Same here. But I was aware of Can, before, via a piece of music they did on the film "Deep End" that had Jane Asher in the lead. It was a rather unusual film, and I would have loved to see Jane do more film work. There was a moment in there that a band was rocking out in a club, and it was Can, doing "Mother Sky" ... and it was blistering to hear that and not find the albums ... until ... finally ... we saw "Future Days" released here.
In those days, imports lagged terribly and Jem records and the guys in NY were not very good at deciding what to bring in, and the numbers were very limited. but we finally found "Movies" and then "Soundtracks" at Tower Records on the Strip, and by 1974, Moby Disk was already carrying all the Can stuff right up to date! Was with them and ALL their releases all the way to about 1985 or so ... I think the last thing I got was the Dr. Walker stuff that Holger did.

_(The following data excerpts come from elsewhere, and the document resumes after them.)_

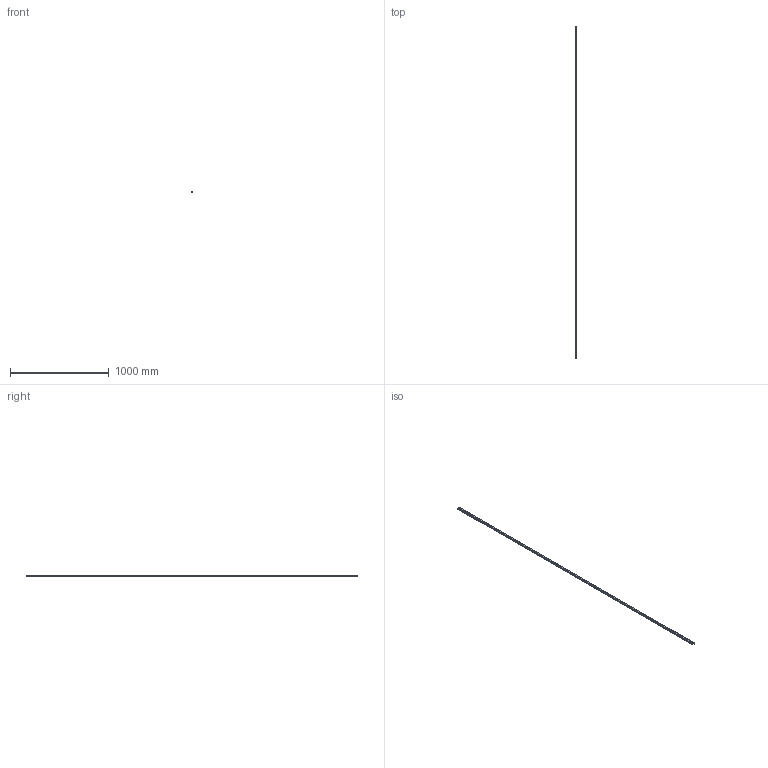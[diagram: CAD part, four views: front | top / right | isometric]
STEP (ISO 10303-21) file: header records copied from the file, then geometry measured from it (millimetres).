
FILE_DESCRIPTION(('STEP AP214'),'1');
FILE_NAME('cctmp_6ADEE446-BB7A-4402-8FA3-BDA347ADA033_2021_01_22_13_35_41_0297..stp','2021-01-22T12:35:41',('HIWIN GmbH'),('CADClick - www.CADClick.com'),'Spatial InterOp 3D',' ','unknown authorization');
FILE_SCHEMA(('AUTOMOTIVE_DESIGN'));
Length unit declared in the file: millimetre
Products named in the file (1): HGR20T3360C_FILE
Bounding box: 20 x 3360 x 17.5 mm (x, y, z)
Volume: 992382.4 mm3; surface area: 267716.4 mm2
Topology: 1 solids, 1 shells, 331 faces, 863 edges, 482 vertices
Faces by surface type: cylinder 134, cone 112, plane 85
Entity records: 11937 total; most frequent: DIRECTION 1683, CARTESIAN_POINT 1565, ORIENTED_EDGE 1502, EDGE_CURVE 751, AXIS2_PLACEMENT_3D 600, LINE 483, VECTOR 483, VERTEX_POINT 482
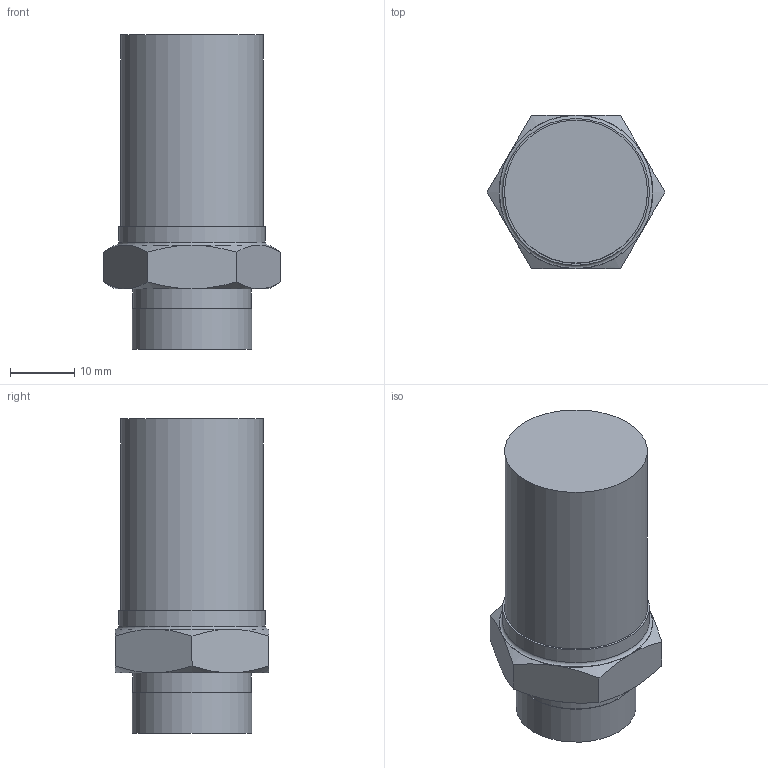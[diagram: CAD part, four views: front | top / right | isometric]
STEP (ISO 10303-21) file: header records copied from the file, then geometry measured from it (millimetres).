
FILE_DESCRIPTION(( 'MV.11BX00.12.STP' ), '1');
FILE_NAME( 'MV.11BX00.12.STP', '2018-10-03T13:58:53',( 'Sopra'),('sopra-pneumatic.com'), 'SwSTEP 2.0','SolidWorks 2009','' );
FILE_SCHEMA (('AUTOMOTIVE_DESIGN { 1 0 10303 214 1 1 1 1 }'));
Length unit declared in the file: millimetre
Products named in the file (2): Root; 002_000X
Assembly tree (1 placements, depth 2):
  Root
    002_000X
Bounding box: 27.71 x 24 x 49 mm (x, y, z)
Volume: 9990 mm3; surface area: 6616.1 mm2
Topology: 1 solids, 1 shells, 32 faces, 63 edges, 38 vertices
Faces by surface type: plane 13, cone 13, cylinder 5, torus 1
Full cylindrical faces by diameter (mm): 15.5 x1, 18.5 x1, 18.631 x1, 22.3 x1, 22.9 x1
Entity records: 1362 total; most frequent: DIRECTION 170, CARTESIAN_POINT 124, PRESENTATION_STYLE_ASSIGNMENT 109, COLOUR_RGB 109, DRAUGHTING_PRE_DEFINED_CURVE_FONT 108, CURVE_STYLE 108, OVER_RIDING_STYLED_ITEM 108, ORIENTED_EDGE 108
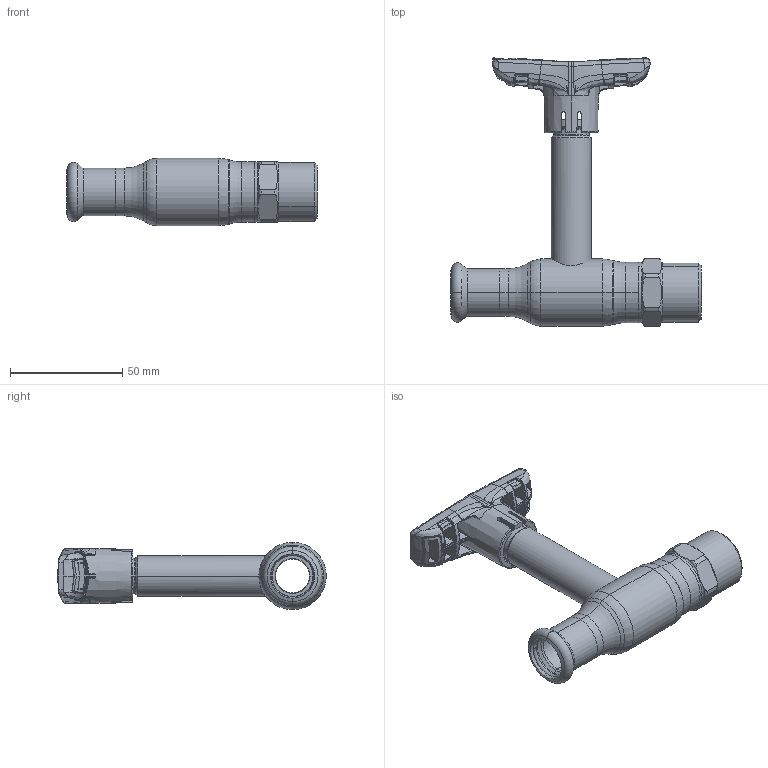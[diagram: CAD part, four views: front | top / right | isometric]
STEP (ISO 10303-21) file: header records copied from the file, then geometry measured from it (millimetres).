
FILE_DESCRIPTION (( 'STEP AP214' ), '1' );
FILE_NAME ('1015001211-1400.step', '2024-01-16T11:06:06', ( '' ), ( '' ), 'SwSTEP 2.0', 'SolidWorks 2021', '' );
FILE_SCHEMA (( 'AUTOMOTIVE_DESIGN' ));
Length unit declared in the file: millimetre
Products named in the file (1): 1015001211-1400
Bounding box: 111.8 x 119.69 x 30 mm (x, y, z)
Surface area: 25956.5 mm2 (no closed solid volume)
Topology: 0 solids, 7 shells, 716 faces, 2120 edges, 1333 vertices
Faces by surface type: bspline 550, plane 55, cylinder 44, torus 37, cone 27, sphere 3
Entity records: 55121 total; most frequent: CARTESIAN_POINT 33118, ORIENTED_EDGE 3693, EDGE_CURVE 2114, DIRECTION 1493, B_SPLINE_CURVE_WITH_KNOTS 1448, VERTEX_POINT 1333, EDGE_LOOP 724, UNCERTAINTY_MEASURE_WITH_UNIT 718
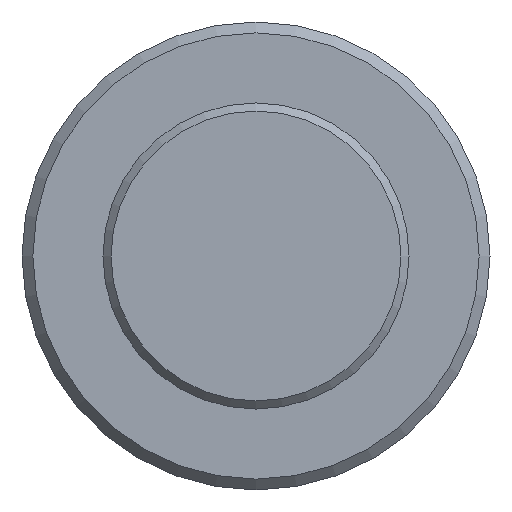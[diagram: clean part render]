
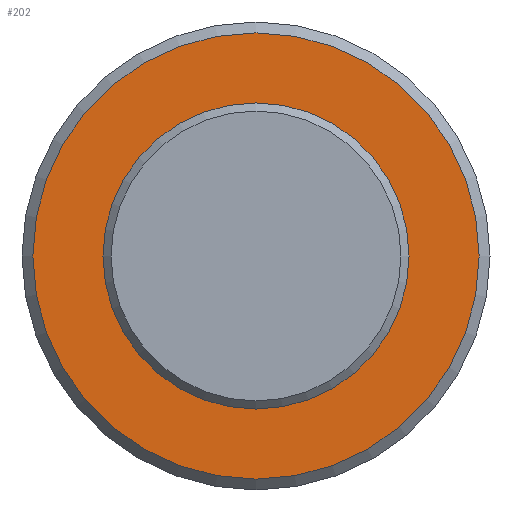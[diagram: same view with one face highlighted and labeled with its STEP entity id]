
A CAD part, left-side view. The second image highlights one B-rep face of the part: STEP entity #202.
In plain terms, the highlighted planar face has unit normal (-1, 0, 0).
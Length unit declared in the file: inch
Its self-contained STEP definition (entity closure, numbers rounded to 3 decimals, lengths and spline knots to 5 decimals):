
#27=PLANE('',#230);
#35=FACE_BOUND('',#77,.T.);
#52=FACE_OUTER_BOUND('',#76,.T.);
#76=EDGE_LOOP('',(#156));
#77=EDGE_LOOP('',(#157));
#95=CIRCLE('',#218,0.5625);
#101=CIRCLE('',#231,0.82);
#111=VERTEX_POINT('',#323);
#117=VERTEX_POINT('',#342);
#127=EDGE_CURVE('',#111,#111,#95,.T.);
#133=EDGE_CURVE('',#117,#117,#101,.T.);
#156=ORIENTED_EDGE('',*,*,#133,.F.);
#157=ORIENTED_EDGE('',*,*,#127,.T.);
#202=ADVANCED_FACE('',(#52,#35),#27,.T.);
#218=AXIS2_PLACEMENT_3D('',#324,#259,#260);
#230=AXIS2_PLACEMENT_3D('',#341,#283,#284);
#231=AXIS2_PLACEMENT_3D('',#343,#285,#286);
#259=DIRECTION('center_axis',(1.,0.,0.));
#260=DIRECTION('ref_axis',(0.,1.,0.));
#283=DIRECTION('center_axis',(-1.,0.,0.));
#284=DIRECTION('ref_axis',(0.,0.,1.));
#285=DIRECTION('center_axis',(1.,0.,0.));
#286=DIRECTION('ref_axis',(0.,-1.,0.));
#323=CARTESIAN_POINT('',(-0.712,-0.5625,0.));
#324=CARTESIAN_POINT('Origin',(-0.712,0.,
0.));
#341=CARTESIAN_POINT('Origin',(-0.712,0.43,0.));
#342=CARTESIAN_POINT('',(-0.712,0.82,0.));
#343=CARTESIAN_POINT('Origin',(-0.712,0.,
0.));

While Tago Mago and Ege Bamyasi will forever be the bands quintessential albums, the two albums I play the most beginning to end is Future Days and Soon Over Babbalooma ... and the two long cuts on Babbalooma, back to back is one amazing transition and simplicity and care of detail by a master drummer. He also showed his patience in the middle part of Future Days when it would be really easy to just give it a time keeping metronomic detail, and instead, he sticks to simply adding atmosphere and not timing/drumming a whole lot ... until it comes back to the main theme. You can not, exactly, teach that sensitivity ... it is an acquired touch (taste?) that most musicians do not have, or ever learn to use in music!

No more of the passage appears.